Research chip minimizes the use of guardbands

Feb 11, 2010 13:20 GMT  ·  By

Old chips and any sort of degraded processor or system environment will eventually start showing signs of old age, meaning that performance will drop because of aging transistors, temperature changes or variations in supply voltage. According to Keith Brownman, Intel staff research scientist, such degradations have the potential of affecting the signal timing of chips. Normally, chip designers insert guardbands into the data flow in order to protect the chips from such timing issues, but the latest research from Intel, The Register reports, aims to reduce guardband use.

Intel seeks to reduce the use of guardbands because they waste energy and time, which, in microprocessor design, translates into a reduced throughput. The term “guardband” refers to a timing differential between clock signals and data inserted into the design in order to allow the signals to communicate without being perfectly aligned. This is necessary because signal rates can vary and the guardband acts as an “extra slice of time.” Browman and his team have now developed a chip with “resiliant and adaptive” circuits, based on EDS (embedded error-detection sequentials) and tunable replica circuits (TRC).

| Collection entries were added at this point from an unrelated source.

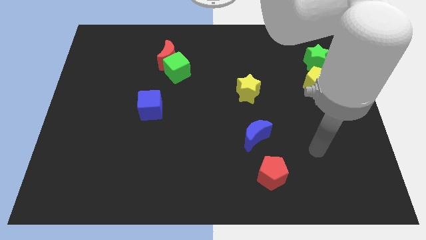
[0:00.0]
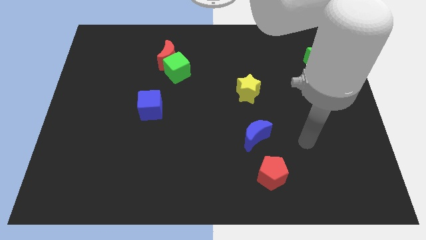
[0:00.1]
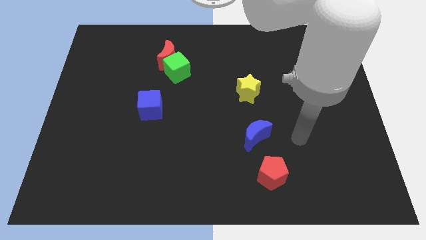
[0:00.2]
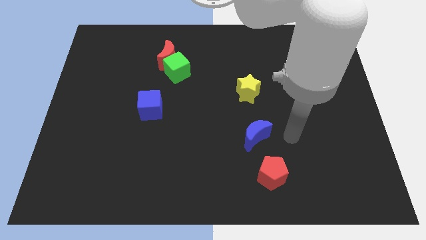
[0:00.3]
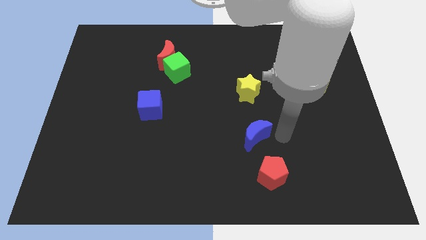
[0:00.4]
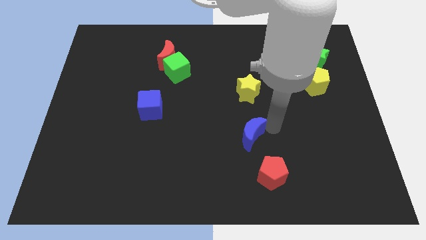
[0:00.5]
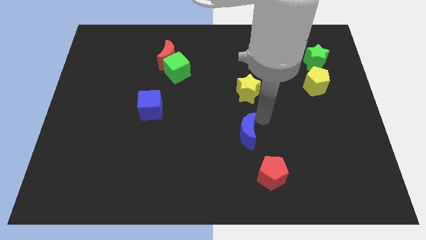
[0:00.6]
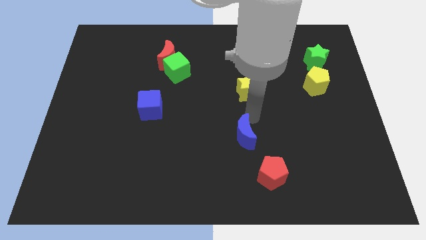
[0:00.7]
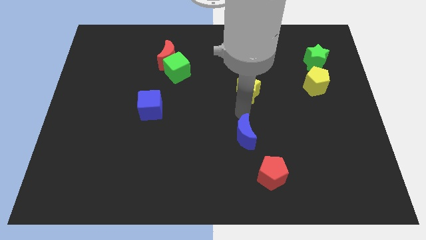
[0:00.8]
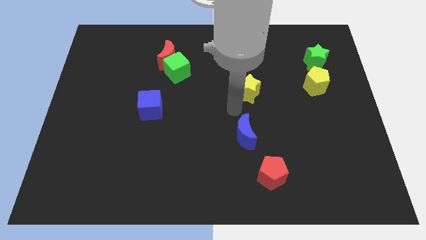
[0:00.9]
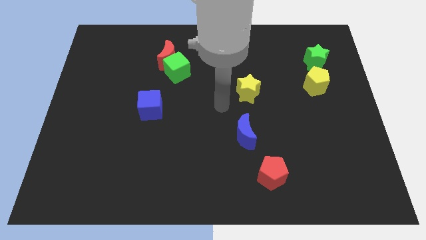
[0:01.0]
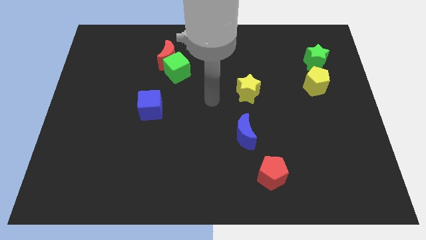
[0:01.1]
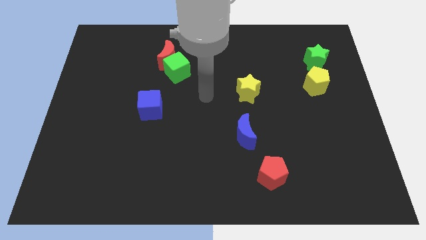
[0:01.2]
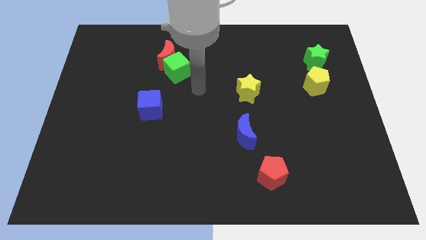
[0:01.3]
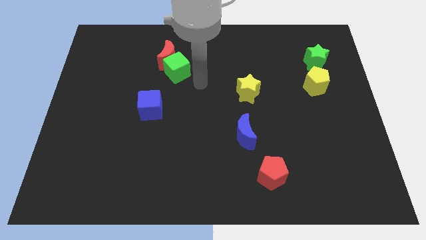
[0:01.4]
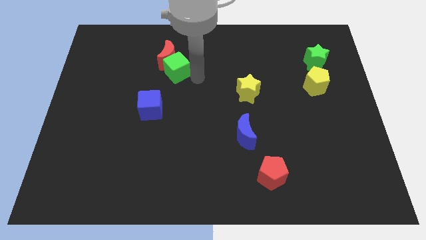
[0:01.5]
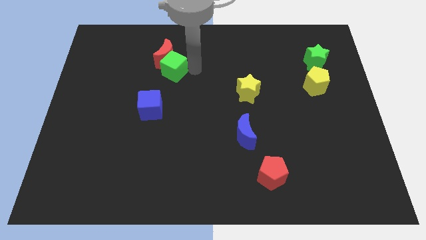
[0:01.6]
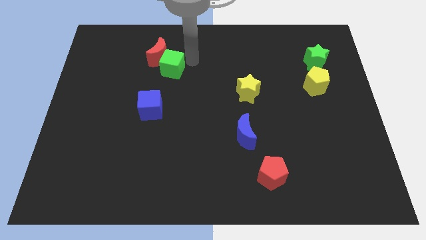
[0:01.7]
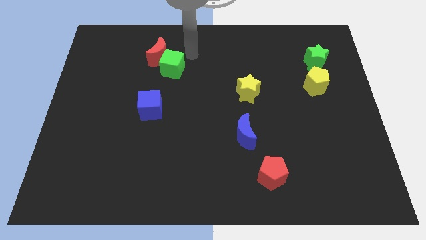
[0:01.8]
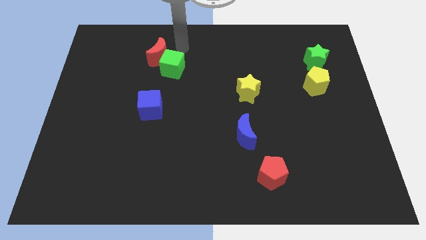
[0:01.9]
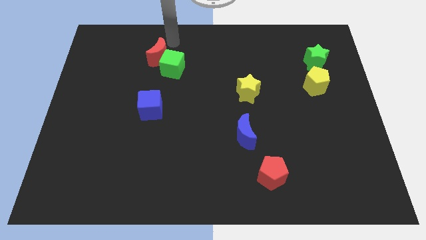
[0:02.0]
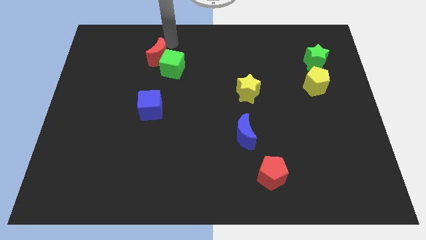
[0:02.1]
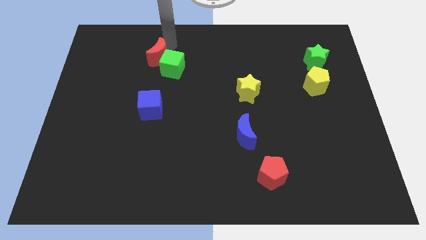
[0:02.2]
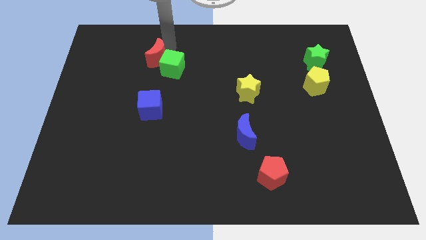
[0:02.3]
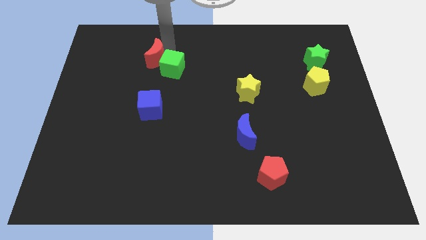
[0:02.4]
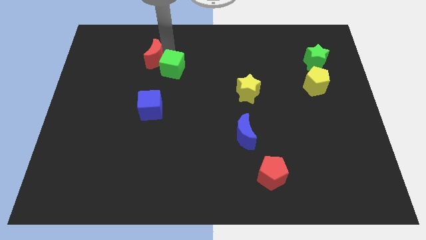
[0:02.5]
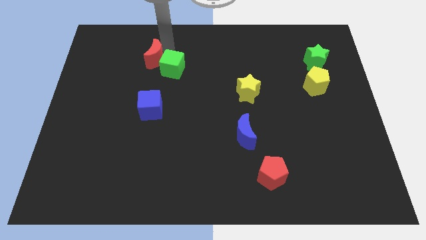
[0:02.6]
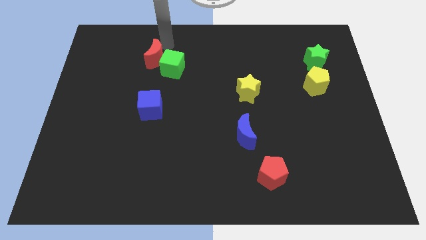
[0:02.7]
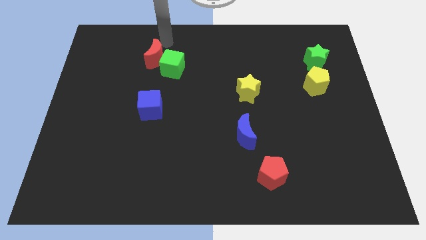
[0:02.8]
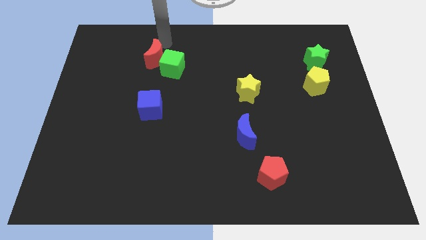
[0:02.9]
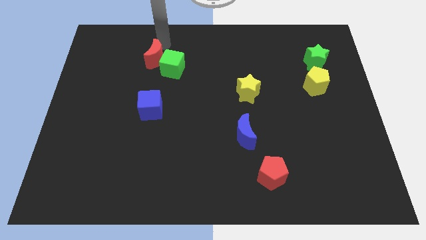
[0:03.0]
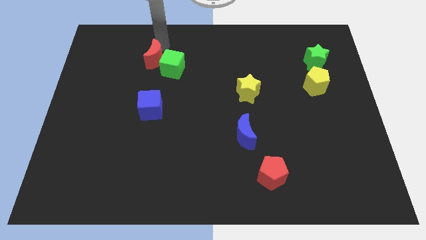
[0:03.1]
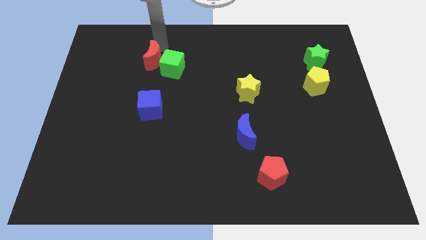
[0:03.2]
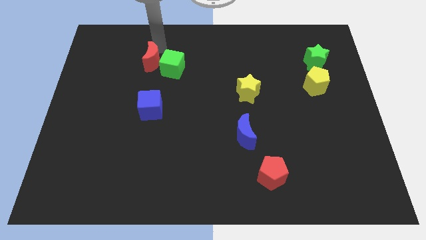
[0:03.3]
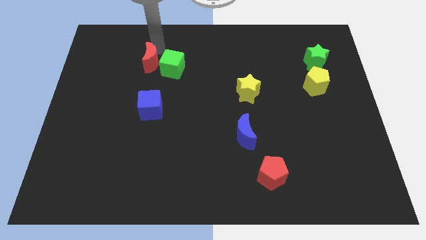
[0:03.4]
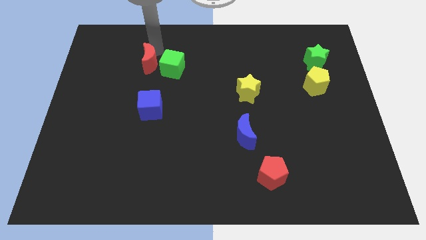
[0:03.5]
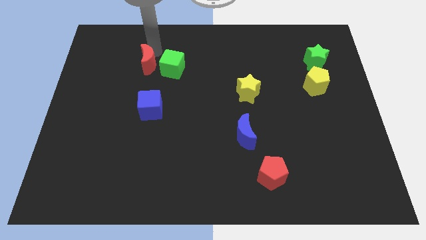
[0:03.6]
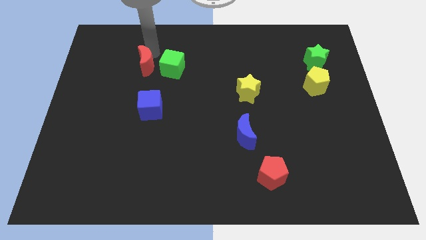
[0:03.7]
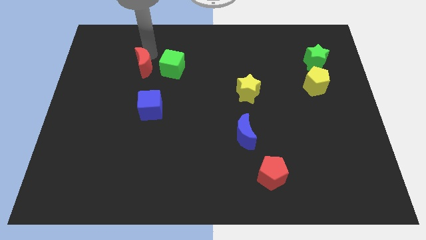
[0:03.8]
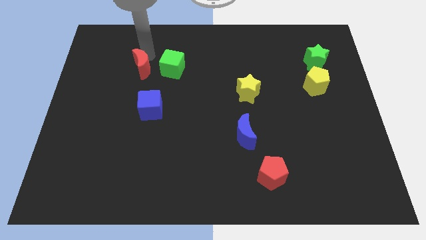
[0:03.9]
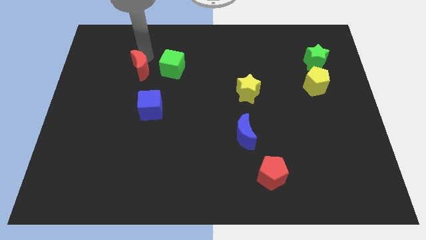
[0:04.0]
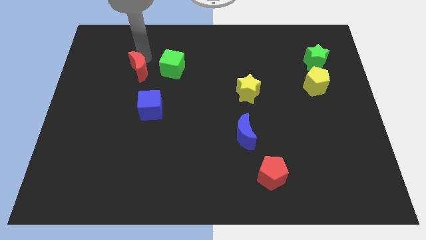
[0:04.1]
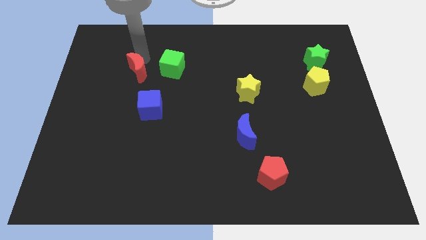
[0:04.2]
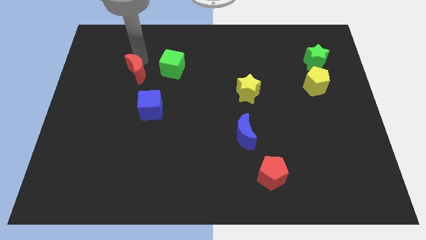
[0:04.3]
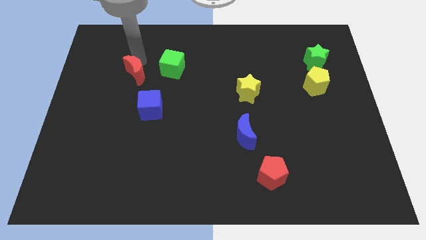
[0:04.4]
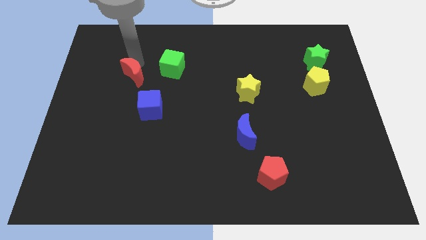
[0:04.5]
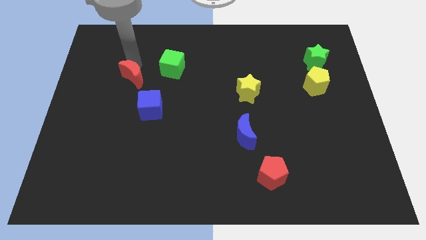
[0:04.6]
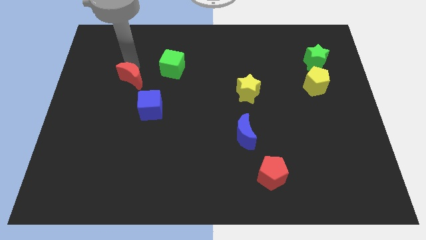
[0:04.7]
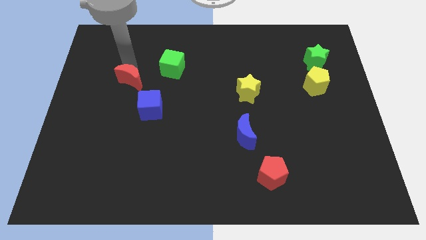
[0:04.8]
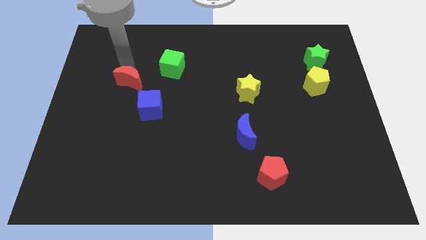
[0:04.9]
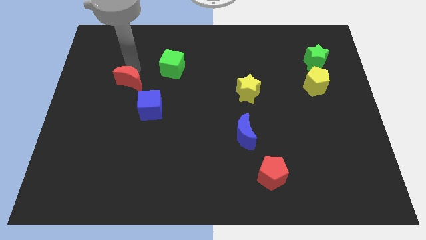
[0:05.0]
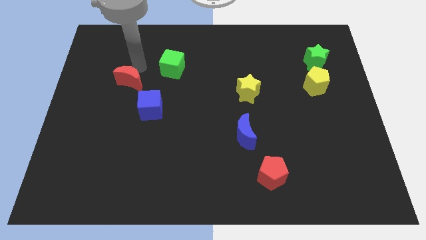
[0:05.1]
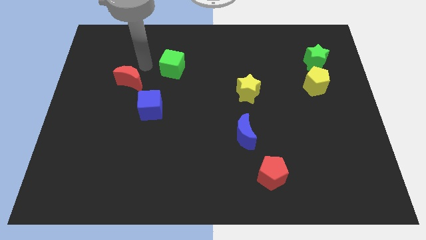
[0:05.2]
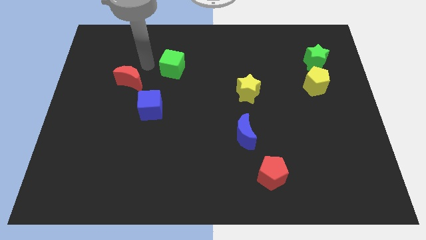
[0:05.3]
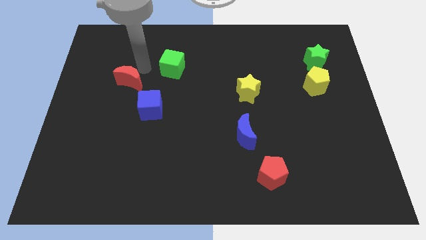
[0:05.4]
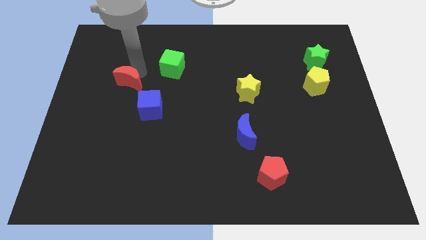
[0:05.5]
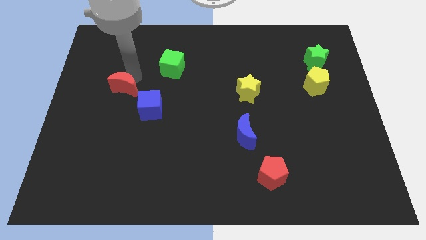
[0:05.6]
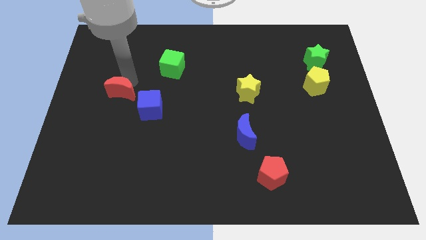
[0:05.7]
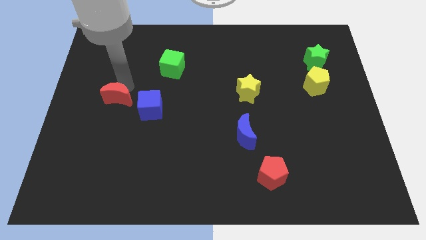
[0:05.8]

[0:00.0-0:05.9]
push the red moon left of the blue cube

EDS and TRC work hand-in-hand and detect errors, replay them in order to get the correct results and tune clock speeds for less errors during operation. These technologies are not exactly new breakthroughs, but among the latest refinements made to them is a new recovery algorithm. If this error-control unit detects that the error frequency surpasses a certain limit, it will activate the adaptive clock controller in order to reduce the chip speed, until errors and replays decrease. This is useful because, in cases of a high error frequency, the chip is forced to replay many instructions.

"The key research contributions of this work lie in the error detection, the error-correction circuits, as well as the adaptive clock controller," Browman said. "For error detection, we implement error-detection sequentials on actual critical paths in the core. And then we introduce the first implementation where we use a tunable replica circuit combined with error recovery that allows us to detect both fast-changing and slow-changing dynamic variations."

Browman says that the total throughput increase they can achieve, when comparing resilient circuits to a conventional design, is of 41% if they lower the supply voltage of the conventional chip so that there is equal energy relative to the EDS and the TRC. This translates into a 22% energy reduction when they provide the conventional chip with enough power to match the throughput of the resilient circuits.

The technology was described on Tuesday at the International Solid-State Circuits Conference (ISSCC) in San Francisco.